TUCoPS :: General Information :: bump.txt

Things that go Bump on the net This is a brief look at some of the more colorful characters in the menagerie of network security threats, with an emphasis on how they relate to agent-based sytems.

Things that Go Bump in the Net

This is a brief look at some of the more colorful characters in the
menagerie of network security threats, with an emphasis on how they relate
to agent-based systems. The Massively Distributed Systems group in IBM
Research conducts research into these and other emergent concerns in future
distributed systems.

Trojan horses

A Trojan horse is a program that does something that the programmer
intended, but the user would not approve of if he knew about it in advance.
Because most current security systems are based primarily on user-level
privilege rather than program-level privilege, any program that you run can
read any object you have read-access to, write to any object that you have
write-access to, and execute any program or command that you are authorized
to execute.

A Trojan horse concealed in a random game program downloaded from your
favorite newsgroup can read any file you have read access to, and mail it
anywhere in the world. It can erase, or just shuffle around a few bytes in,
any file you can write to. It can send obscene messages to the White House,
or post embarassing things to random newsgroups.

And it can copy itself into any program that you have write access to (see
Viruses and Worms below).

In a mobile-agent system, it is critical to ensure that arriving agents
execute in a controlled environment, and are able to do only those things
that they are authorized to do. Agents should be trusted only as far as the
least-trusted entity that may have been able to alter the program or
internal state of the agent; secure authentication methods (such as digital
signatures) must be used carefully when it is necessary to establish the
real author or sender of an agent.
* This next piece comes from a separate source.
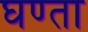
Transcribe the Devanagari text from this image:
घण्ता
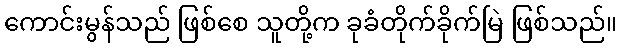
ကောင်းမွန်သည် ဖြစ်စေ သူတို့က ခုခံတိုက်ခိုက်မြဲ ဖြစ်သည်။
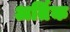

See Itinerant Agents for Mobile Computing
for some related security considerations in these sorts of systems.

Viruses and Worms

A virus is a program (generally a Trojan horse) that spreads, by making
copies of iteslf in one way or another. In the microcomputer environment,
viruses generally spread by writing copies of themselves into other
programs, or into boot records of disks and diskettes. (For more information
on computer viruses in PC-compatible machines, see the IBM Computer Virus
Information Center.)

A worm in a networked environment is generally a self-sufficient program
that spreads by spawning copies of itself on other hosts in the network. One
famous worm caused great disruption on the Internet in 1988. There is no
hard line between viruses and worms; in general, if the spreading entity is
a self-sufficient program, it will be called a worm, whereas if it embeds
itself inside other programs or boot code, it will be called a virus.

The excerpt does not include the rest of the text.